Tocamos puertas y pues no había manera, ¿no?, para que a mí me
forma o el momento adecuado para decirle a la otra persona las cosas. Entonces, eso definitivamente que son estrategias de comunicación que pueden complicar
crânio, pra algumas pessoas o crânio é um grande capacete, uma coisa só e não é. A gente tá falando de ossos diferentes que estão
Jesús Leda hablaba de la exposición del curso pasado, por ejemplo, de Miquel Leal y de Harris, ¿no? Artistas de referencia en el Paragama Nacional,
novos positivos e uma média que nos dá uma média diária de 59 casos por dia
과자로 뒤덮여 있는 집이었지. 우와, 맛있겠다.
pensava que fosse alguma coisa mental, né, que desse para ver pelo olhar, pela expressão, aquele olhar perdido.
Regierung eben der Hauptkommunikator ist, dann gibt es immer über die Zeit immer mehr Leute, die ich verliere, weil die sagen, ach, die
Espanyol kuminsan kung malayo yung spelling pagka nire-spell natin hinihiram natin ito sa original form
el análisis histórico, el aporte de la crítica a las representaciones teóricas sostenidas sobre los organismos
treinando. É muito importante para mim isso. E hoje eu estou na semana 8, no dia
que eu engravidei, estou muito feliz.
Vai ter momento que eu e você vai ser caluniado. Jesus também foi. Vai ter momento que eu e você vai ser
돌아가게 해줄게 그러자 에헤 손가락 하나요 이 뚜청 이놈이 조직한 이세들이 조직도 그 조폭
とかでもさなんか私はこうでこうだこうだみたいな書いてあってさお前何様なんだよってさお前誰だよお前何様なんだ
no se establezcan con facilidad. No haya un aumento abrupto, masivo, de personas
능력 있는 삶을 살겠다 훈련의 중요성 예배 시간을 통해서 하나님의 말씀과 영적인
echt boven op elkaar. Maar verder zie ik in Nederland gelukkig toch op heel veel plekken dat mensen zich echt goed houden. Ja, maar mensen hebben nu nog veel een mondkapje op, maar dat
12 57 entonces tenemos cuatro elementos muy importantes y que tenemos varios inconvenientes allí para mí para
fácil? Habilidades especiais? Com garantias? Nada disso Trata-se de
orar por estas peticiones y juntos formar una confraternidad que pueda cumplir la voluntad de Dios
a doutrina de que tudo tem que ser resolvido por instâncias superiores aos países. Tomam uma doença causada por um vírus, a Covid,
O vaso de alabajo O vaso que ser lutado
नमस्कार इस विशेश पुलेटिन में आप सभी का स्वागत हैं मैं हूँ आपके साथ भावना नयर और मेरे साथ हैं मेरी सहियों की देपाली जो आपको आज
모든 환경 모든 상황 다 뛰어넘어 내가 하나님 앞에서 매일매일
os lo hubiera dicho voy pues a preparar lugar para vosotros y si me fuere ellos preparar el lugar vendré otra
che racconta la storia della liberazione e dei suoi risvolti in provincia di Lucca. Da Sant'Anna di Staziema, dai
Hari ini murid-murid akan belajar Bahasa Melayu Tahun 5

--------------------------------------------------

* PROMPT *
Copy word for word the stretch of entries above from the line that has "능력 있는 삶을 살겠다 훈련의 중요성 예배 시간을 통해서 하나님의 말씀과 영적인" through the line that has "orar por estas", both ends included, and nothing outside it.

* EXERCISE OUTPUT *
능력 있는 삶을 살겠다 훈련의 중요성 예배 시간을 통해서 하나님의 말씀과 영적인
echt boven op elkaar. Maar verder zie ik in Nederland gelukkig toch op heel veel plekken dat mensen zich echt goed houden. Ja, maar mensen hebben nu nog veel een mondkapje op, maar dat
12 57 entonces tenemos cuatro elementos muy importantes y que tenemos varios inconvenientes allí para mí para
fácil? Habilidades especiais? Com garantias? Nada disso Trata-se de
orar por estas peticiones y juntos formar una confraternidad que pueda cumplir la voluntad de Dios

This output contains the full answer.